Records for this exercise
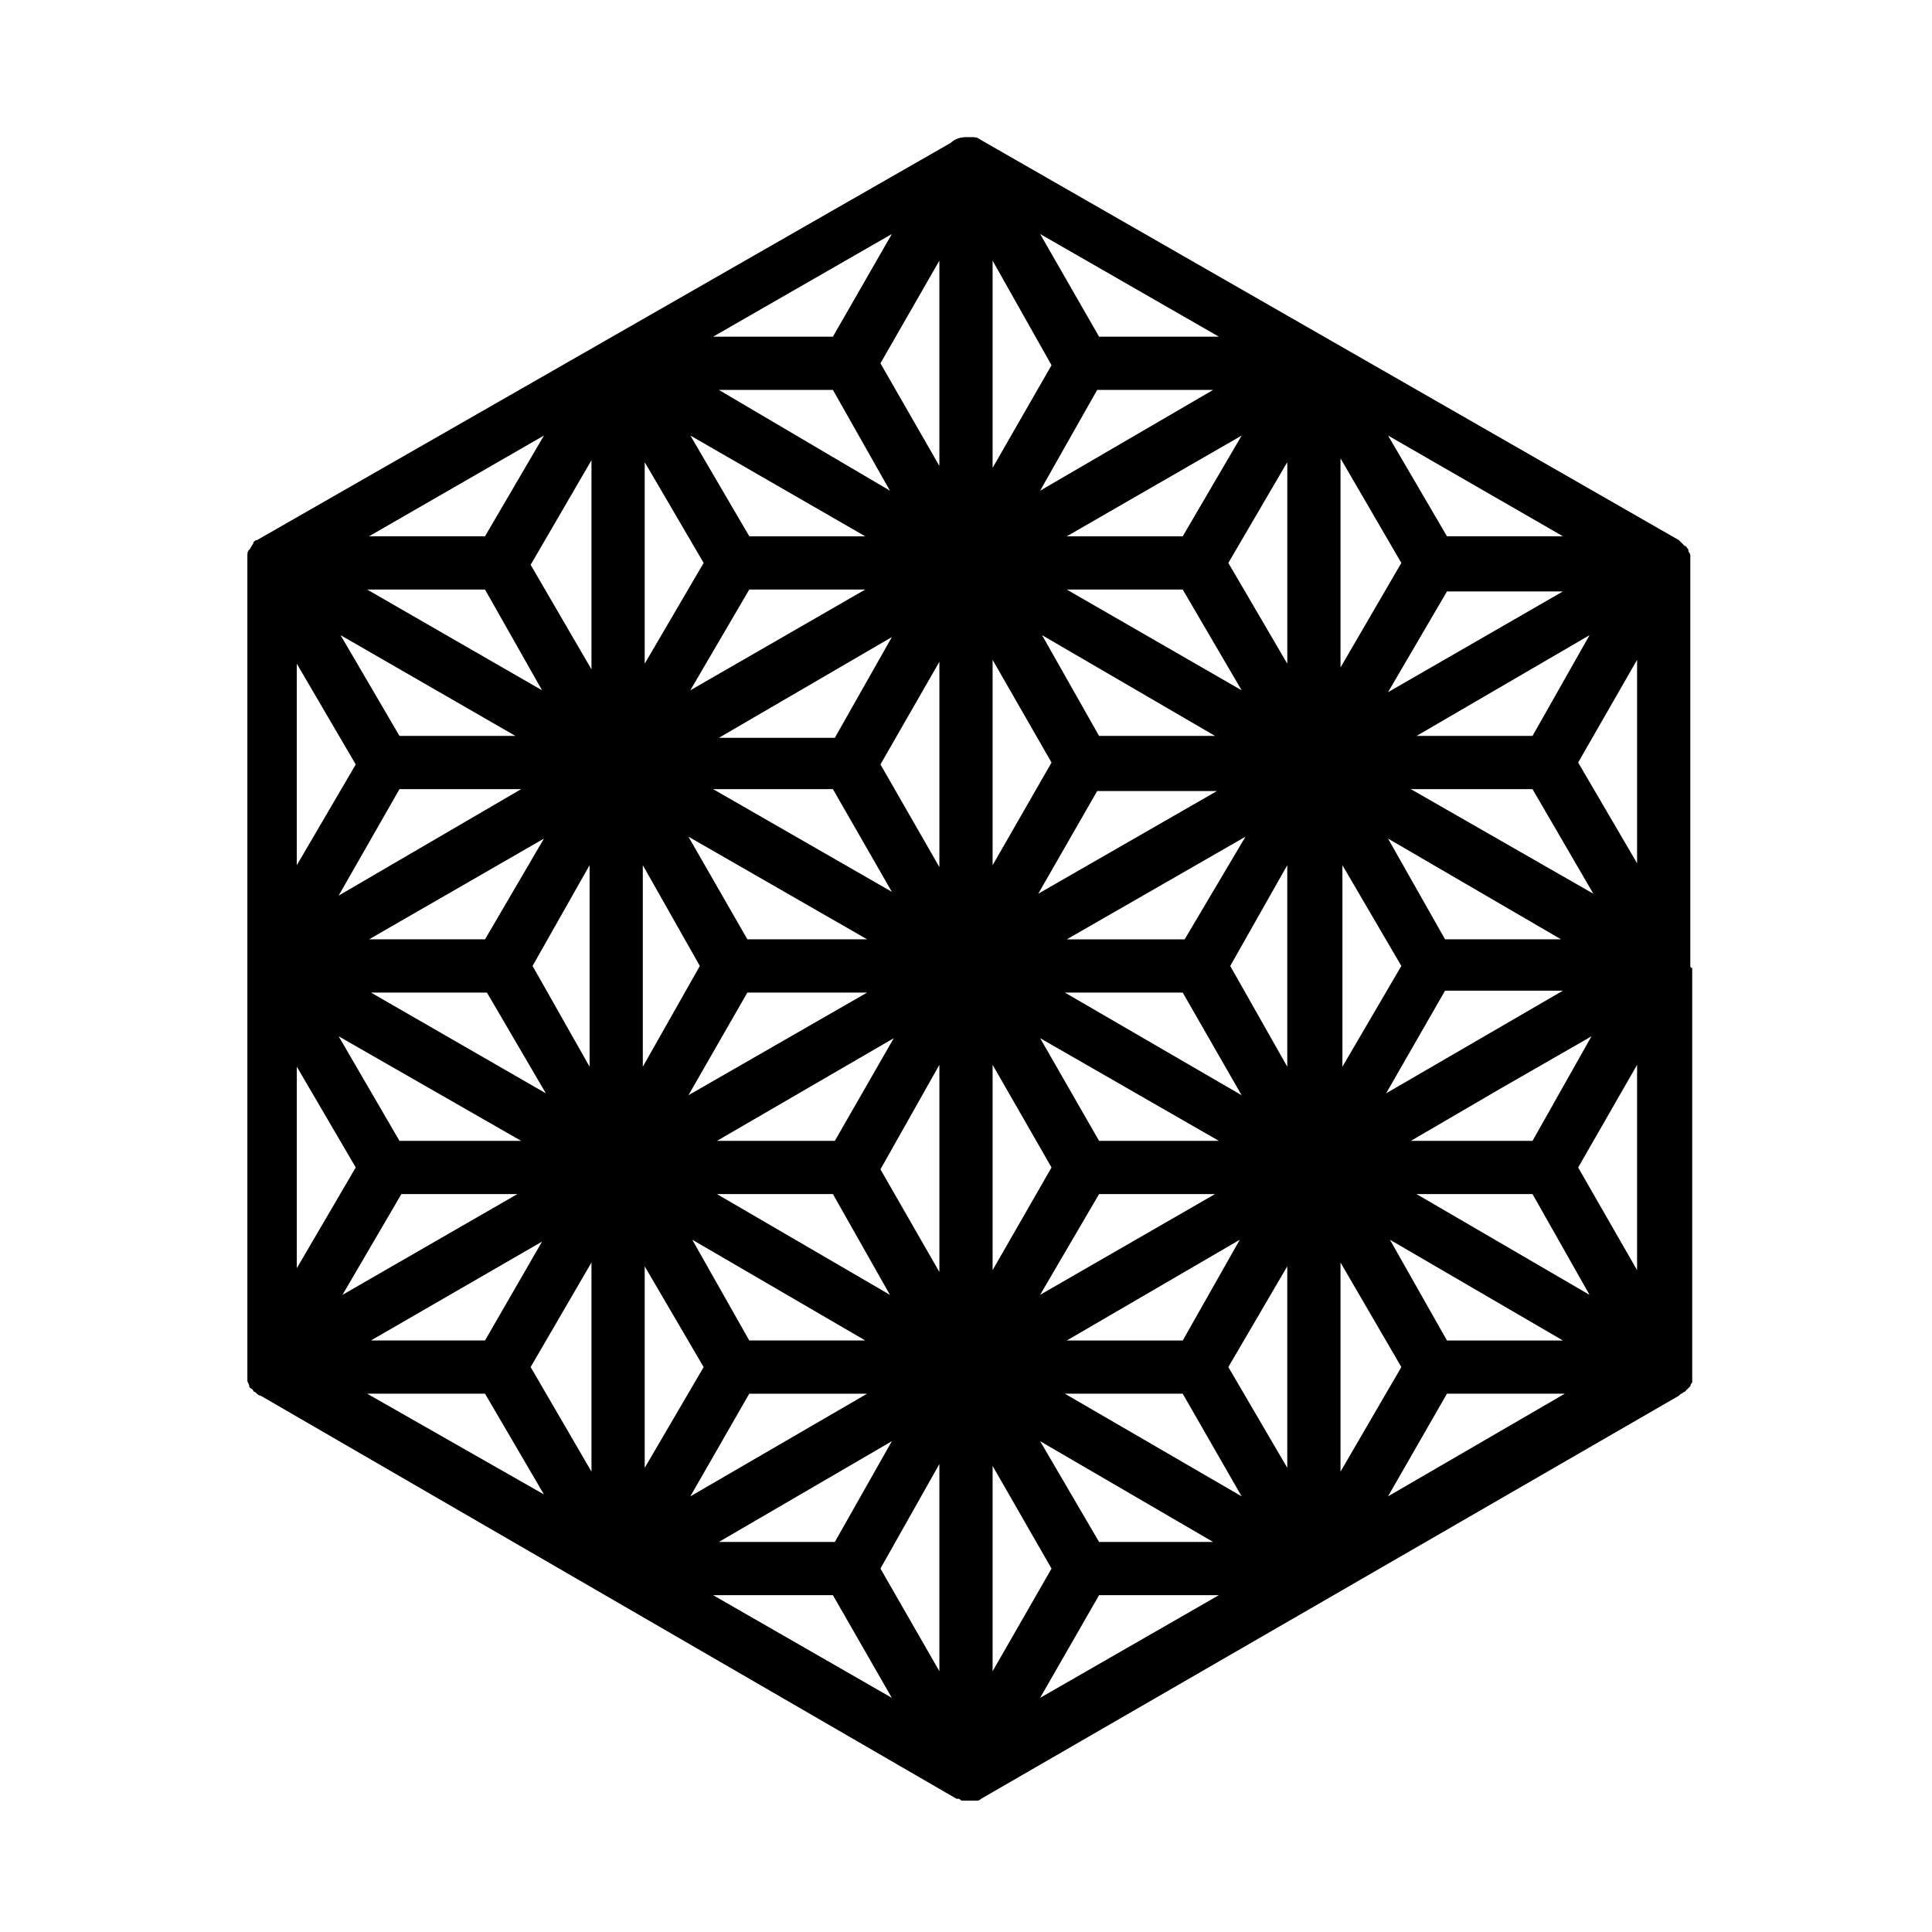 <?xml version="1.0" encoding="UTF-8"?>
<!-- Uploaded to: SVG Find, www.svgrepo.com, Generator: SVG Find Mixer Tools -->
<svg fill="#000000" width="800px" height="800px" version="1.1" viewBox="144 144 512 512" xmlns="http://www.w3.org/2000/svg">
 <path d="m591.95 400v-0.504-0.504-105.8-0.504-1.008-0.504c0-0.504-0.504-1.008-0.504-1.008v-0.504c-0.504-0.504-0.504-1.008-1.008-1.008l-1.512-1.512-185.4-106.3c-0.504-0.504-1.512-0.504-2.016-0.504h-0.504-1.008c-1.512 0-3.023 0.504-4.031 1.512l-183.89 105.3c-0.504 0-1.008 0.504-1.008 1.008-0.504 0.504-0.504 1.008-1.008 1.512-0.504 0.504-0.504 1.008-0.504 1.512v0.504 1.512 0.504 104.29 0.504 0.504 1.008 0.504 0.504 1.008 0.504 0.504 104.29 0.504 1.512 0.504c0 0.504 0.504 1.008 0.504 1.512s0.504 0.504 1.008 1.008c0 0 0 0.504 0.504 0.504 0.504 0.504 1.008 1.008 1.512 1.008l184.39 106.81h0.504c0.504 0 0.504 0.504 1.008 0.504h0.504 1.512 1.512 0.504c0.504 0 1.008-0.504 1.008-0.504l184.9-106.81 0.504-0.504c0.504 0 0.504-0.504 1.008-0.504 0.504-0.504 1.008-1.008 1.512-1.512 0-0.504 0.504-1.008 0.504-1.008v-0.504-1.008-0.504l-0.004-107.31v-0.504c-0.504 0-0.504-0.504-0.504-0.504zm-14.105 80.609-15.617-27.207 15.617-27.207zm-50.383 18.641-15.113-26.703 45.848 26.703zm-70.027 0h-30.73l45.848-26.703zm-234.78-179.36 15.617 26.703-15.617 26.703zm296.75 140.56h30.73l15.113 26.703zm30.73-14.109h-32.242l24.184-14.105 23.68-13.602zm-315.38 40.809 15.617-26.703h30.73zm45.844-148.12h-30.73l-15.617-26.703zm92.703-52.902h-30.73l-15.617-26.703zm84.641 106.81h-31.234l47.359-27.207zm-115.38 106.3-15.113-26.703 45.848 26.703zm0-199h30.73l-46.352 26.703zm114.87 0 15.617 26.703-46.352-26.703zm-130.99 134.01 15.617-27.207h31.738zm-26.195-7.559-15.113-26.703 15.113-26.703zm41.812-33.754-15.617-27.207 47.359 27.207zm50.887-19.145-15.617-27.207 15.617-27.207zm-28.215-20.656 15.617 27.207-47.359-27.207zm-50.379 20.152 15.113 26.703-15.113 26.703zm92.699-54.41 15.617 27.207-15.617 27.207zm-26.699-6.047-15.113 26.703h-30.73zm-92.199 53.402-15.617 26.703h-30.73zm-15.113 40.809 15.617 26.703-46.352-26.703zm41.312 34.262s0.504 0 0 0zm66.504-22.168-15.617 27.207h-31.234zm12.09 7.051v54.914l-15.617-27.207zm0 68.52m26.199-113.86 15.617-27.207h31.738zm16.121-41.816-15.113-26.703 45.848 26.703zm49.875-19.145-15.617-26.703 15.617-26.703zm-12.09-60.457-15.617 26.703h-30.73zm-142.58 33.754-15.617 26.703v-53.406zm-37.281 53.906v0zm-43.328 6.047h32.242l-48.363 28.215zm32.242 93.203h-32.242l-16.121-27.711zm11.086 7.055m71.539 7.055 15.113 26.703-45.844-26.703zm-49.875 19.145 15.617 26.703-15.617 26.703zm12.09 60.961 15.617-27.207h31.234zm66-21.664m14.105-92.703 15.617 27.207-15.617 27.207zm28.215 20.152-15.617-27.207 47.359 27.207zm-9.07-39.297h31.234l15.617 27.207zm43.832-7.051 15.113-26.703v53.402zm36.777-53.406m4.535 87.16 15.617-27.207h31.234zm-11.586-60.457 15.617 26.703-15.617 26.703zm27.203 19.648-15.113-26.703 45.848 26.703zm-9.066-39.801h32.242l16.121 27.711zm32.242-14.105h-30.73l45.848-26.703zm-38.289-11.59 15.617-26.703h30.73zm-12.594-61.969 16.121 27.711-16.121 27.711zm0 68.52v0zm-20.656 12.594m-58.945-72.547 15.113-26.703h30.73zm-12.598-6.047v-54.914l15.617 27.711zm-14.105-0.504-15.617-27.207 15.617-27.207zm-28.215-20.152 15.113 26.703-45.34-26.703zm-64.484 87.16c0.5 0 0.5-0.504 0 0zm0.5-13.102-16.121-27.711 16.121-27.711zm-28.211-21.156 15.113 26.703-46.352-26.703zm-49.879 126.45 15.617 26.703-15.617 26.703zm64.992 46.352-15.113 26.199h-30.23zm13.098 60.961-16.121-27.711 16.121-27.711zm0-68.52m79.605 60.457-15.113 26.703h-30.73zm12.594 6.047v54.914l-15.617-27.207zm14.105 0.504 15.617 27.207-15.617 27.207zm12.598-45.344 15.617-26.699h30.73zm87.156-34.258v0zm55.422-106.81 15.617-27.207v53.906zm-34.766-59.953-15.617-26.703 46.352 26.703zm-28.211-33.754m-20.656-12.094m-43.328-7.051-15.617-27.207 47.359 27.207zm-70.535 0h-31.738l47.359-27.207zm-63.984 19.145m-28.211 33.754h-30.73l46.352-26.703zm0 227.22 15.617 26.703-46.855-26.703zm28.211 33.754v0.504-0.504c-0.5 0.504 0 0 0 0zm63.984 19.648 15.617 27.207-47.359-27.207zm70.535 0h31.738l-47.359 27.207zm0-14.105-15.617-26.703 45.848 26.703zm-9.07-39.297h31.234l15.617 27.207zm43.328-7.055 15.617-26.703v53.402zm29.727-40.809m0 13.102 16.121 27.711-16.121 27.711zm28.211 34.762h31.234l-46.855 27.207zm-48.867 46.352m20.656-12.598s0.504 0.504 0 0c0.504 0.504 0.504 0.504 0 0v0.504z"/>
</svg>

Problem requirements
The material above should be printed again exactly, with each picture left out.

Answer below
 <?xml version="1.0" encoding="UTF-8"?>
<!-- Uploaded to: SVG Find, www.svgrepo.com, Generator: SVG Find Mixer Tools -->
<svg fill="#000000" width="800px" height="800px" version="1.1" viewBox="144 144 512 512" xmlns="http://www.w3.org/2000/svg">
 <path d="m591.95 400v-0.504-0.504-105.8-0.504-1.008-0.504c0-0.504-0.504-1.008-0.504-1.008v-0.504c-0.504-0.504-0.504-1.008-1.008-1.008l-1.512-1.512-185.4-106.3c-0.504-0.504-1.512-0.504-2.016-0.504h-0.504-1.008c-1.512 0-3.023 0.504-4.031 1.512l-183.89 105.3c-0.504 0-1.008 0.504-1.008 1.008-0.504 0.504-0.504 1.008-1.008 1.512-0.504 0.504-0.504 1.008-0.504 1.512v0.504 1.512 0.504 104.29 0.504 0.504 1.008 0.504 0.504 1.008 0.504 0.504 104.29 0.504 1.512 0.504c0 0.504 0.504 1.008 0.504 1.512s0.504 0.504 1.008 1.008c0 0 0 0.504 0.504 0.504 0.504 0.504 1.008 1.008 1.512 1.008l184.39 106.81h0.504c0.504 0 0.504 0.504 1.008 0.504h0.504 1.512 1.512 0.504c0.504 0 1.008-0.504 1.008-0.504l184.9-106.81 0.504-0.504c0.504 0 0.504-0.504 1.008-0.504 0.504-0.504 1.008-1.008 1.512-1.512 0-0.504 0.504-1.008 0.504-1.008v-0.504-1.008-0.504l-0.004-107.31v-0.504c-0.504 0-0.504-0.504-0.504-0.504zm-14.105 80.609-15.617-27.207 15.617-27.207zm-50.383 18.641-15.113-26.703 45.848 26.703zm-70.027 0h-30.73l45.848-26.703zm-234.78-179.36 15.617 26.703-15.617 26.703zm296.75 140.56h30.73l15.113 26.703zm30.73-14.109h-32.242l24.184-14.105 23.68-13.602zm-315.38 40.809 15.617-26.703h30.73zm45.844-148.12h-30.73l-15.617-26.703zm92.703-52.902h-30.73l-15.617-26.703zm84.641 106.81h-31.234l47.359-27.207zm-115.38 106.3-15.113-26.703 45.848 26.703zm0-199h30.73l-46.352 26.703zm114.87 0 15.617 26.703-46.352-26.703zm-130.99 134.01 15.617-27.207h31.738zm-26.195-7.559-15.113-26.703 15.113-26.703zm41.812-33.754-15.617-27.207 47.359 27.207zm50.887-19.145-15.617-27.207 15.617-27.207zm-28.215-20.656 15.617 27.207-47.359-27.207zm-50.379 20.152 15.113 26.703-15.113 26.703zm92.699-54.41 15.617 27.207-15.617 27.207zm-26.699-6.047-15.113 26.703h-30.73zm-92.199 53.402-15.617 26.703h-30.73zm-15.113 40.809 15.617 26.703-46.352-26.703zm41.312 34.262s0.504 0 0 0zm66.504-22.168-15.617 27.207h-31.234zm12.09 7.051v54.914l-15.617-27.207zm0 68.52m26.199-113.86 15.617-27.207h31.738zm16.121-41.816-15.113-26.703 45.848 26.703zm49.875-19.145-15.617-26.703 15.617-26.703zm-12.09-60.457-15.617 26.703h-30.73zm-142.58 33.754-15.617 26.703v-53.406zm-37.281 53.906v0zm-43.328 6.047h32.242l-48.363 28.215zm32.242 93.203h-32.242l-16.121-27.711zm11.086 7.055m71.539 7.055 15.113 26.703-45.844-26.703zm-49.875 19.145 15.617 26.703-15.617 26.703zm12.09 60.961 15.617-27.207h31.234zm66-21.664m14.105-92.703 15.617 27.207-15.617 27.207zm28.215 20.152-15.617-27.207 47.359 27.207zm-9.07-39.297h31.234l15.617 27.207zm43.832-7.051 15.113-26.703v53.402zm36.777-53.406m4.535 87.16 15.617-27.207h31.234zm-11.586-60.457 15.617 26.703-15.617 26.703zm27.203 19.648-15.113-26.703 45.848 26.703zm-9.066-39.801h32.242l16.121 27.711zm32.242-14.105h-30.73l45.848-26.703zm-38.289-11.59 15.617-26.703h30.73zm-12.594-61.969 16.121 27.711-16.121 27.711zm0 68.52v0zm-20.656 12.594m-58.945-72.547 15.113-26.703h30.73zm-12.598-6.047v-54.914l15.617 27.711zm-14.105-0.504-15.617-27.207 15.617-27.207zm-28.215-20.152 15.113 26.703-45.34-26.703zm-64.484 87.16c0.5 0 0.5-0.504 0 0zm0.5-13.102-16.121-27.711 16.121-27.711zm-28.211-21.156 15.113 26.703-46.352-26.703zm-49.879 126.45 15.617 26.703-15.617 26.703zm64.992 46.352-15.113 26.199h-30.23zm13.098 60.961-16.121-27.711 16.121-27.711zm0-68.52m79.605 60.457-15.113 26.703h-30.73zm12.594 6.047v54.914l-15.617-27.207zm14.105 0.504 15.617 27.207-15.617 27.207zm12.598-45.344 15.617-26.699h30.73zm87.156-34.258v0zm55.422-106.81 15.617-27.207v53.906zm-34.766-59.953-15.617-26.703 46.352 26.703zm-28.211-33.754m-20.656-12.094m-43.328-7.051-15.617-27.207 47.359 27.207zm-70.535 0h-31.738l47.359-27.207zm-63.984 19.145m-28.211 33.754h-30.73l46.352-26.703zm0 227.22 15.617 26.703-46.855-26.703zm28.211 33.754v0.504-0.504c-0.5 0.504 0 0 0 0zm63.984 19.648 15.617 27.207-47.359-27.207zm70.535 0h31.738l-47.359 27.207zm0-14.105-15.617-26.703 45.848 26.703zm-9.07-39.297h31.234l15.617 27.207zm43.328-7.055 15.617-26.703v53.402zm29.727-40.809m0 13.102 16.121 27.711-16.121 27.711zm28.211 34.762h31.234l-46.855 27.207zm-48.867 46.352m20.656-12.598s0.504 0.504 0 0c0.504 0.504 0.504 0.504 0 0v0.504z"/>
</svg>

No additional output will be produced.